## TASK TO COMPLETE
Print word for word the records from the line containing "0 C2.5 2.174" through the end.

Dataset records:
%%
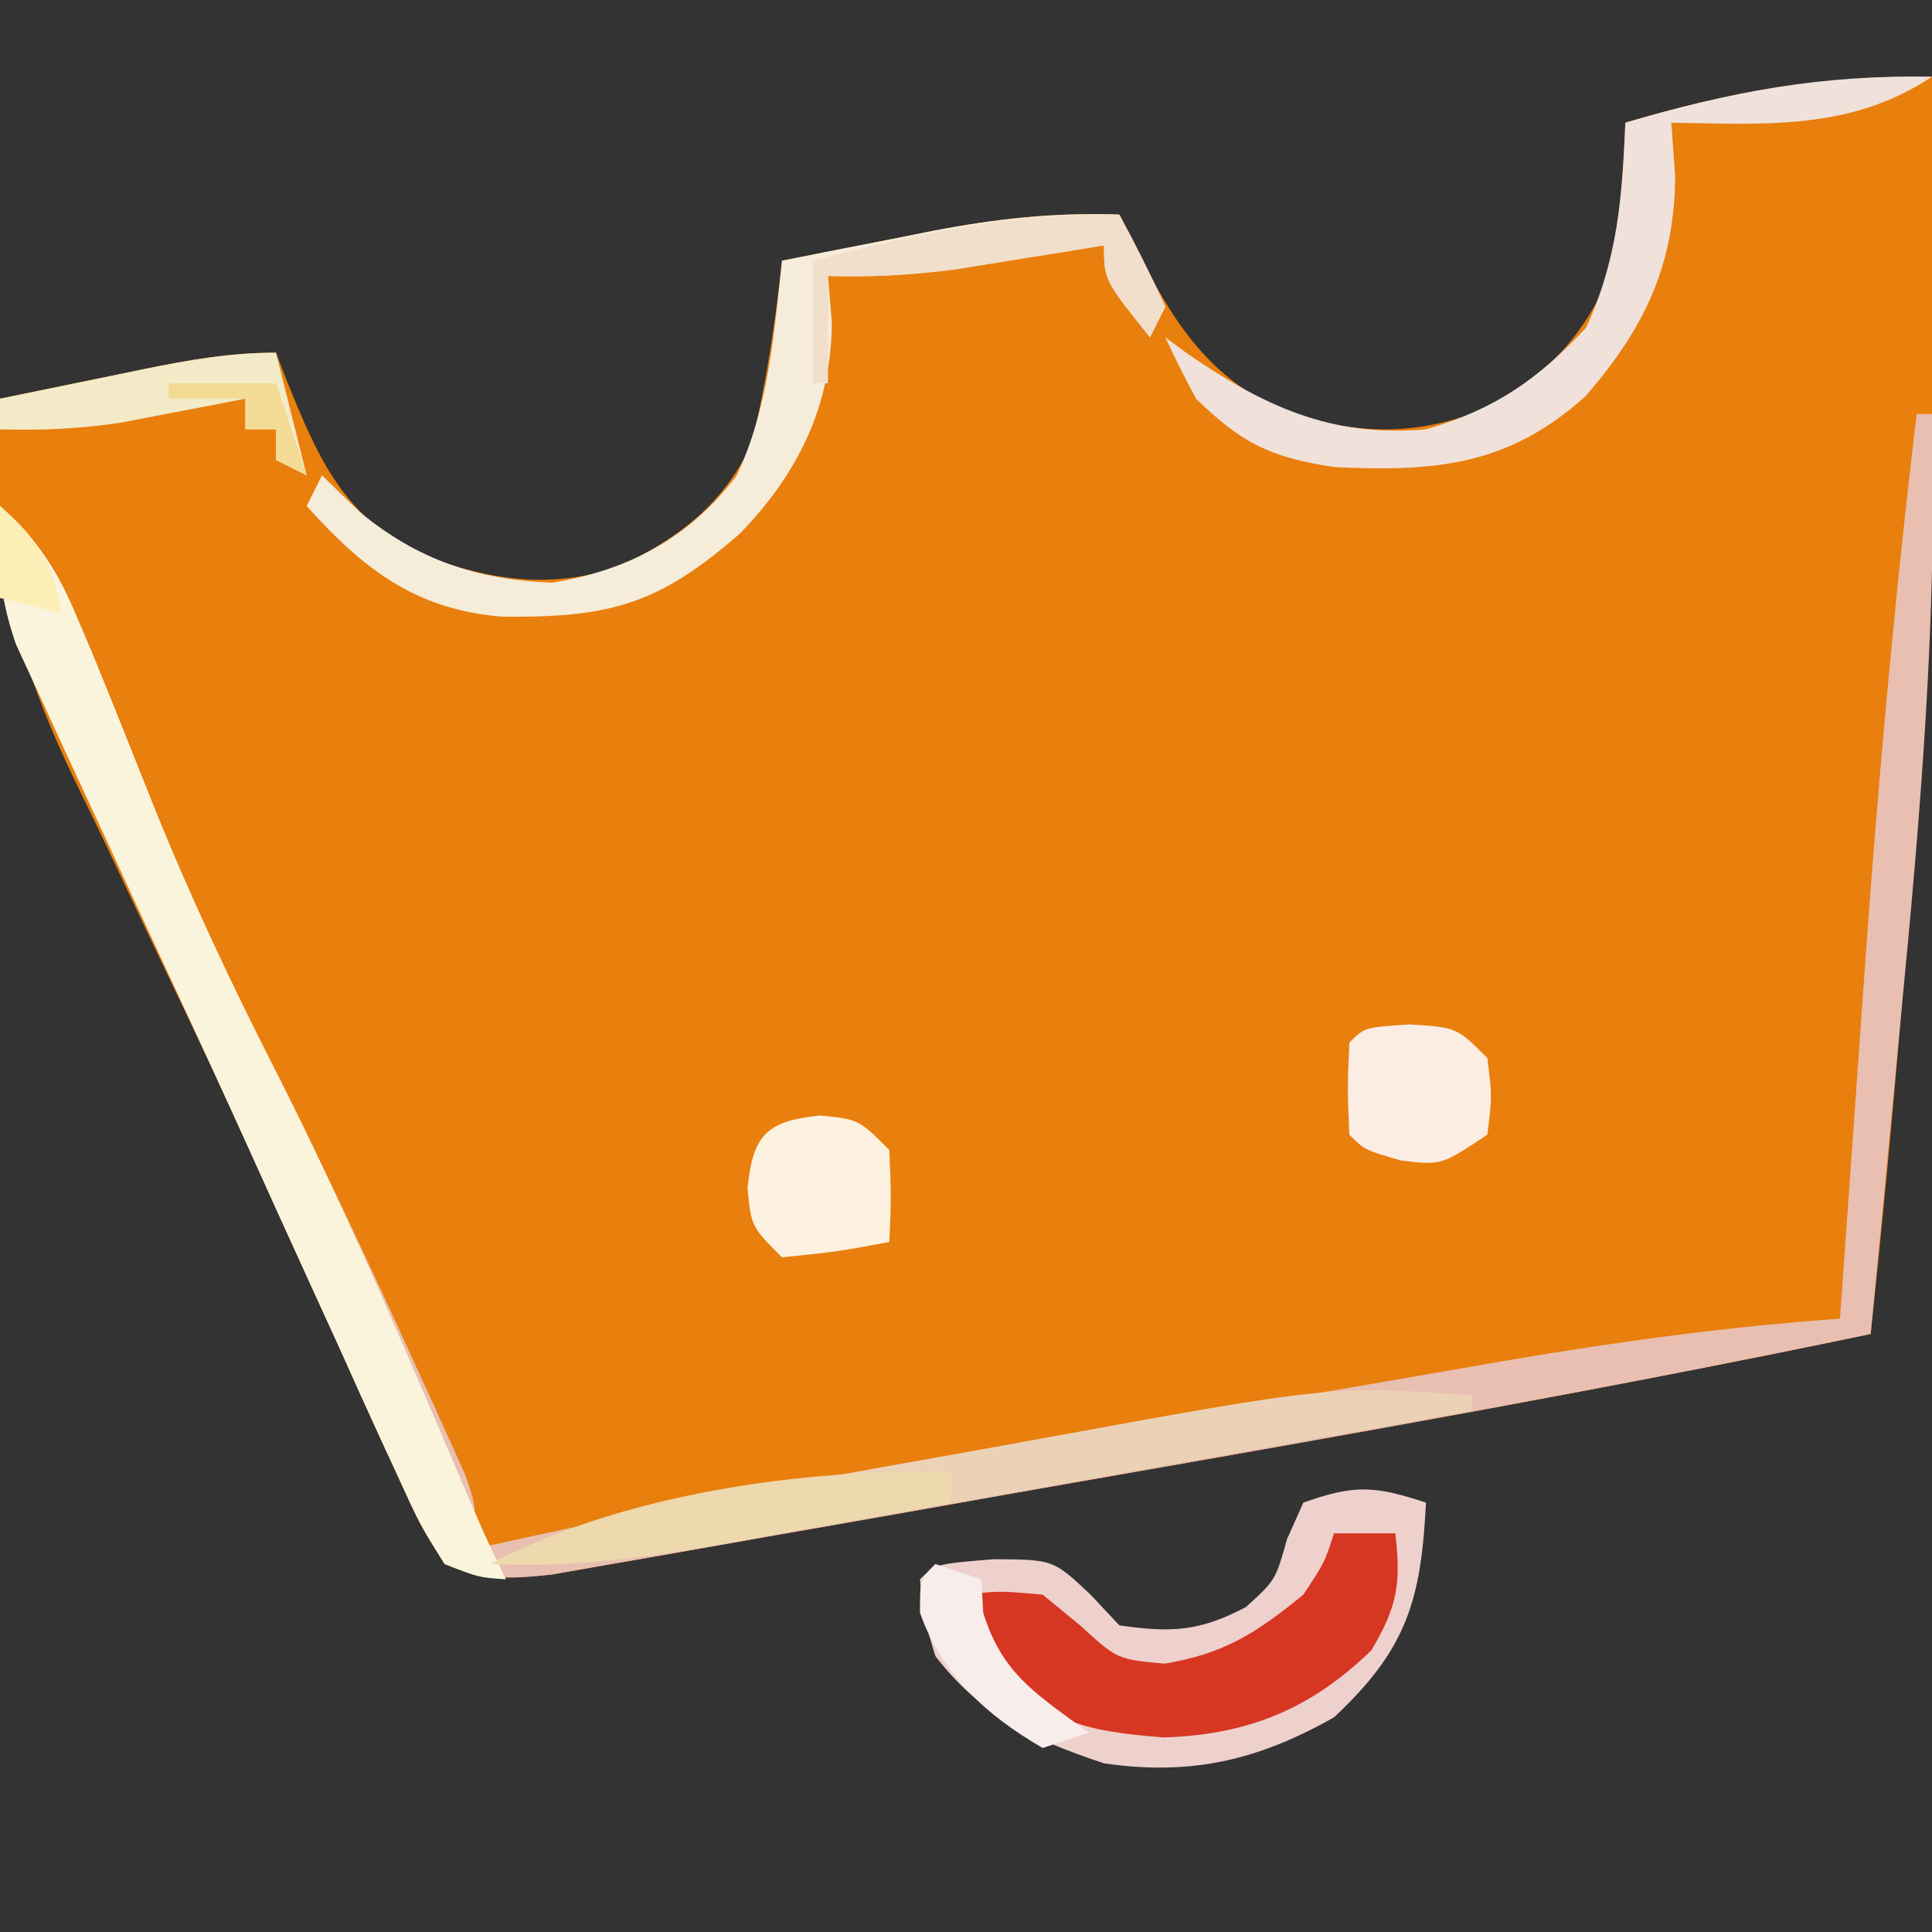<?xml version="1.0" encoding="UTF-8"?>
<svg version="1.1" xmlns="http://www.w3.org/2000/svg" width="126" height="126">
<rect width="100%" height="100%" fill="#333333" stroke="none"/>
<path d="M0 0 C0.628 27.583 -1.069 54.576 -4 82 C-20.858 85.521 -37.806 88.52 -54.769 91.484 C-58.753 92.18 -62.736 92.887 -66.718 93.596 C-69.811 94.144 -72.905 94.685 -75.999 95.224 C-77.47 95.482 -78.94 95.742 -80.41 96.006 C-82.448 96.37 -84.488 96.724 -86.529 97.075 C-87.686 97.279 -88.842 97.482 -90.034 97.692 C-92.782 97.977 -94.472 98.07 -97 97 C-98.609 94.441 -98.609 94.441 -100.18 90.992 C-100.469 90.367 -100.759 89.742 -101.058 89.098 C-102.012 87.03 -102.944 84.953 -103.875 82.875 C-104.531 81.432 -105.188 79.99 -105.846 78.548 C-106.867 76.307 -107.885 74.066 -108.897 71.822 C-110.909 67.365 -112.969 62.937 -115.089 58.532 C-116.408 55.789 -117.706 53.037 -119.002 50.283 C-119.618 48.987 -120.241 47.694 -120.873 46.405 C-125.14 37.677 -126.886 30.727 -126 21 C-123.563 20.496 -121.126 19.997 -118.688 19.5 C-117.997 19.357 -117.307 19.214 -116.596 19.066 C-113.675 18.474 -110.989 18 -108 18 C-107.769 18.603 -107.539 19.207 -107.301 19.828 C-105.301 24.728 -103.798 28.334 -99 31 C-94.429 32.751 -90.485 33.513 -85.75 32 C-81.837 30.184 -78.877 27.943 -77 24 C-76.031 20.026 -75.441 16.064 -75 12 C-72.46 11.493 -69.918 10.994 -67.375 10.5 C-66.662 10.357 -65.949 10.214 -65.215 10.066 C-61.079 9.27 -57.236 8.84 -53 9 C-52.709 9.603 -52.417 10.207 -52.117 10.828 C-49.484 15.962 -47.426 19.496 -42 22 C-37.192 23.358 -33.297 23.489 -28.688 21.438 C-24.92 19.223 -22.866 17.03 -21 13 C-20.417 9.669 -20.133 6.377 -20 3 C-12.994 0.94 -7.254 -0.044 0 0 Z " fill="#E97F0C" transform="translate(126,5)"/>
<path d="M0 0 C0.33 0 0.66 0 1 0 C1.343 13.113 0.268 25.958 -1 39 C-1.193 41.047 -1.386 43.094 -1.578 45.141 C-2.044 50.095 -2.52 55.047 -3 60 C-19.858 63.521 -36.806 66.52 -53.769 69.484 C-57.753 70.18 -61.736 70.887 -65.718 71.596 C-68.811 72.144 -71.905 72.685 -74.999 73.224 C-76.47 73.482 -77.94 73.742 -79.41 74.006 C-81.448 74.37 -83.488 74.724 -85.529 75.075 C-86.686 75.279 -87.842 75.482 -89.034 75.692 C-91.782 75.977 -93.472 76.07 -96 75 C-97.609 72.441 -97.609 72.441 -99.18 68.992 C-99.469 68.367 -99.759 67.742 -100.058 67.097 C-101.011 65.03 -101.943 62.953 -102.875 60.875 C-103.531 59.437 -104.188 58 -104.846 56.563 C-106.215 53.568 -107.575 50.568 -108.929 47.566 C-110.624 43.816 -112.35 40.081 -114.089 36.351 C-115.401 33.537 -116.703 30.718 -118.002 27.898 C-118.622 26.557 -119.246 25.216 -119.873 23.877 C-120.748 22.004 -121.608 20.124 -122.465 18.242 C-123.201 16.647 -123.201 16.647 -123.953 15.019 C-125.063 11.818 -125.204 9.362 -125 6 C-122.604 8.166 -121.317 10.096 -120.062 13.062 C-119.554 14.256 -119.554 14.256 -119.035 15.473 C-117.663 18.822 -116.324 22.183 -114.988 25.547 C-112.542 31.618 -109.775 37.476 -106.812 43.312 C-103.76 49.378 -100.873 55.506 -98.062 61.688 C-97.661 62.561 -97.259 63.435 -96.845 64.335 C-96.475 65.157 -96.104 65.978 -95.723 66.824 C-95.39 67.557 -95.058 68.29 -94.715 69.046 C-94 71 -94 71 -94 74 C-93.163 73.814 -92.326 73.629 -91.464 73.437 C-82.681 71.518 -73.881 69.857 -65.02 68.336 C-63.631 68.096 -62.242 67.856 -60.854 67.616 C-57.971 67.118 -55.088 66.623 -52.204 66.129 C-48.539 65.501 -44.875 64.866 -41.212 64.229 C-38.354 63.734 -35.496 63.242 -32.638 62.752 C-30.64 62.408 -28.642 62.061 -26.645 61.713 C-19.44 60.486 -12.291 59.518 -5 59 C-4.92 57.852 -4.839 56.705 -4.756 55.522 C-4.451 51.172 -4.14 46.822 -3.828 42.472 C-3.695 40.606 -3.563 38.741 -3.433 36.875 C-2.569 24.544 -1.469 12.274 0 0 Z " fill="#E8BFB1" transform="translate(125,27)"/>
<path d="M0 0 C-0.326 6.305 -1.198 9.511 -6 14 C-10.994 16.827 -15.372 17.82 -21 17 C-25.587 15.471 -29.031 13.882 -32 10 C-32.812 7.312 -32.812 7.312 -33 5 C-32 4 -32 4 -28.188 3.688 C-24.31 3.708 -24.31 3.708 -21.875 6 C-21.256 6.66 -20.637 7.32 -20 8 C-16.638 8.49 -14.762 8.402 -11.75 6.812 C-9.819 5.061 -9.819 5.061 -9.062 2.375 C-8.537 1.199 -8.537 1.199 -8 0 C-4.711 -1.181 -3.347 -1.116 0 0 Z " fill="#EED0CC" transform="translate(93,98)"/>
<path d="M0 0 C2.396 2.166 3.683 4.096 4.938 7.062 C5.446 8.256 5.446 8.256 5.965 9.473 C7.337 12.822 8.676 16.183 10.012 19.547 C12.434 25.56 15.171 31.354 18.125 37.125 C22.873 46.518 26.946 56.209 31.08 65.884 C31.683 67.272 32.323 68.646 33 70 C31.199 69.875 31.199 69.875 29 69 C27.391 66.441 27.391 66.441 25.82 62.992 C25.531 62.367 25.241 61.742 24.942 61.097 C23.989 59.03 23.057 56.953 22.125 54.875 C21.469 53.437 20.812 52 20.154 50.563 C18.785 47.568 17.425 44.568 16.071 41.566 C14.376 37.816 12.65 34.081 10.911 30.351 C9.599 27.537 8.297 24.718 6.998 21.898 C6.378 20.557 5.754 19.216 5.127 17.877 C4.252 16.004 3.392 14.124 2.535 12.242 C2.044 11.179 1.553 10.115 1.047 9.019 C-0.063 5.818 -0.204 3.362 0 0 Z " fill="#FBF4DC" transform="translate(0,33)"/>
<path d="M0 0 C1.068 1.965 2.066 3.969 3 6 C2.67 6.66 2.34 7.32 2 8 C-1 4.25 -1 4.25 -1 2 C-1.88 2.144 -2.761 2.289 -3.668 2.438 C-4.829 2.623 -5.991 2.809 -7.188 3 C-8.91 3.278 -8.91 3.278 -10.668 3.562 C-13.504 3.935 -16.147 4.086 -19 4 C-18.918 4.99 -18.835 5.98 -18.75 7 C-18.783 12.483 -20.955 16.896 -24.754 20.805 C-30.042 25.419 -33.194 26.292 -40.238 26.219 C-45.886 25.771 -49.319 23.106 -53 19 C-52.67 18.34 -52.34 17.68 -52 17 C-51.196 17.784 -50.391 18.567 -49.562 19.375 C-45.74 22.523 -41.94 23.799 -37 24 C-32.072 23.223 -28.027 21.08 -24.965 17.027 C-22.888 12.663 -22.516 7.76 -22 3 C-19.46 2.493 -16.918 1.994 -14.375 1.5 C-13.662 1.357 -12.949 1.214 -12.215 1.066 C-8.079 0.27 -4.236 -0.16 0 0 Z " fill="#F5ECDA" transform="translate(73,14)"/>
<path d="M0 0 C1.32 0 2.64 0 4 0 C4.374 3.269 4.142 4.762 2.438 7.625 C-1.511 11.472 -5.648 13.147 -11.125 13.312 C-16.291 12.896 -18.766 12.334 -22.312 8.5 C-24 6 -24 6 -24 4 C-21.812 3.75 -21.812 3.75 -19 4 C-18.196 4.66 -17.391 5.32 -16.562 6 C-14.143 8.215 -14.143 8.215 -11.062 8.5 C-7.169 7.864 -5.039 6.487 -2 4 C-0.611 1.9 -0.611 1.9 0 0 Z " fill="#D73622" transform="translate(87,100)"/>
<path d="M0 0 C-5.277 3.518 -10.864 3.106 -17 3 C-16.918 4.155 -16.835 5.31 -16.75 6.5 C-16.791 12.354 -18.79 16.447 -22.59 20.836 C-27.619 25.365 -32.373 25.783 -38.996 25.461 C-43.148 24.824 -44.997 23.922 -48 21 C-48.703 19.685 -49.377 18.354 -50 17 C-49.527 17.349 -49.054 17.699 -48.566 18.059 C-43.557 21.505 -39.178 23.539 -33 23 C-28.559 21.727 -25.695 19.749 -22.562 16.375 C-20.511 11.943 -20.191 7.838 -20 3 C-13.021 0.947 -7.241 -0.123 0 0 Z " fill="#F0E1DA" transform="translate(126,5)"/>
<path d="M0 0 C0 0.33 0 0.66 0 1 C-7.31 2.311 -14.621 3.615 -21.933 4.912 C-25.329 5.514 -28.724 6.118 -32.119 6.728 C-36.027 7.429 -39.937 8.121 -43.848 8.812 C-45.058 9.031 -46.269 9.25 -47.516 9.475 C-53.085 10.453 -58.344 11.289 -64 11 C-61.291 9.542 -58.836 8.609 -55.828 7.983 C-55.038 7.818 -54.249 7.652 -53.435 7.482 C-46.917 6.192 -40.378 5.019 -33.835 3.858 C-32.031 3.537 -30.228 3.211 -28.425 2.881 C-9.178 -0.641 -9.178 -0.641 0 0 Z " fill="#EBD2B7" transform="translate(96,91)"/>
<path d="M0 0 C2.5 0.25 2.5 0.25 4.5 2.25 C4.625 5.375 4.625 5.375 4.5 8.25 C1.125 8.875 1.125 8.875 -2.5 9.25 C-4.5 7.25 -4.5 7.25 -4.75 4.75 C-4.401 1.256 -3.494 0.349 0 0 Z " fill="#FDF1E0" transform="translate(53.5,72.75)"/>
<path d="M0 0 C3.062 0.188 3.062 0.188 5.062 2.188 C5.375 4.688 5.375 4.688 5.062 7.188 C2.062 9.188 2.062 9.188 -0.562 8.875 C-2.938 8.188 -2.938 8.188 -3.938 7.188 C-4.062 4.188 -4.062 4.188 -3.938 1.188 C-2.938 0.188 -2.938 0.188 0 0 Z " fill="#FBEDE4" transform="translate(91.938,66.812)"/>
<path d="M0 0 C0 0.66 0 1.32 0 2 C-3.686 2.677 -7.374 3.339 -11.062 4 C-12.62 4.286 -12.62 4.286 -14.209 4.578 C-19.555 5.529 -24.57 6.246 -30 6 C-21.482 1.437 -9.556 -0.244 0 0 Z " fill="#EED8AD" transform="translate(62,96)"/>
<path d="M0 0 C1.068 1.965 2.066 3.969 3 6 C2.67 6.66 2.34 7.32 2 8 C-1 4.25 -1 4.25 -1 2 C-2.321 2.217 -2.321 2.217 -3.668 2.438 C-4.829 2.623 -5.991 2.809 -7.188 3 C-8.91 3.278 -8.91 3.278 -10.668 3.562 C-13.504 3.935 -16.147 4.086 -19 4 C-19 6.31 -19 8.62 -19 11 C-19.33 11 -19.66 11 -20 11 C-20 8.36 -20 5.72 -20 3 C-13.268 1.259 -7.004 -0.167 0 0 Z " fill="#F1DECB" transform="translate(73,14)"/>
<path d="M0 0 C0.66 2.64 1.32 5.28 2 8 C1.34 7.67 0.68 7.34 0 7 C0 6.34 0 5.68 0 5 C-0.66 5 -1.32 5 -2 5 C-2 4.34 -2 3.68 -2 3 C-3.104 3.217 -3.104 3.217 -4.23 3.438 C-5.206 3.623 -6.182 3.809 -7.188 4 C-8.632 4.278 -8.632 4.278 -10.105 4.562 C-12.793 4.969 -15.288 5.079 -18 5 C-18 4.34 -18 3.68 -18 3 C-15.563 2.496 -13.126 1.997 -10.688 1.5 C-9.997 1.357 -9.307 1.214 -8.596 1.066 C-5.675 0.474 -2.989 0 0 0 Z " fill="#F3EAC8" transform="translate(18,23)"/>
<path d="M0 0 C0.99 0.33 1.98 0.66 3 1 C3.062 2.083 3.062 2.083 3.125 3.188 C4.384 7.233 6.636 8.495 10 11 C9.01 11.33 8.02 11.66 7 12 C3.296 9.849 0.438 7.233 -1 3.188 C-1 1 -1 1 0 0 Z " fill="#F7EDEB" transform="translate(61,102)"/>
<path d="M0 0 C2.5 2.174 3.436 3.73 4 7 C2.68 6.67 1.36 6.34 0 6 C0 4.02 0 2.04 0 0 Z " fill="#FBEFB6" transform="translate(0,33)"/>
<path d="M0 0 C2.31 0 4.62 0 7 0 C7.66 1.98 8.32 3.96 9 6 C8.34 5.67 7.68 5.34 7 5 C7 4.34 7 3.68 7 3 C6.34 3 5.68 3 5 3 C5 2.34 5 1.68 5 1 C3.35 1 1.7 1 0 1 C0 0.67 0 0.34 0 0 Z " fill="#F3DB95" transform="translate(11,25)"/>
</svg>
%%
## ANSWER SPACE
<path d="M0 0 C2.5 2.174 3.436 3.73 4 7 C2.68 6.67 1.36 6.34 0 6 C0 4.02 0 2.04 0 0 Z " fill="#FBEFB6" transform="translate(0,33)"/>
<path d="M0 0 C2.31 0 4.62 0 7 0 C7.66 1.98 8.32 3.96 9 6 C8.34 5.67 7.68 5.34 7 5 C7 4.34 7 3.68 7 3 C6.34 3 5.68 3 5 3 C5 2.34 5 1.68 5 1 C3.35 1 1.7 1 0 1 C0 0.67 0 0.34 0 0 Z " fill="#F3DB95" transform="translate(11,25)"/>
</svg>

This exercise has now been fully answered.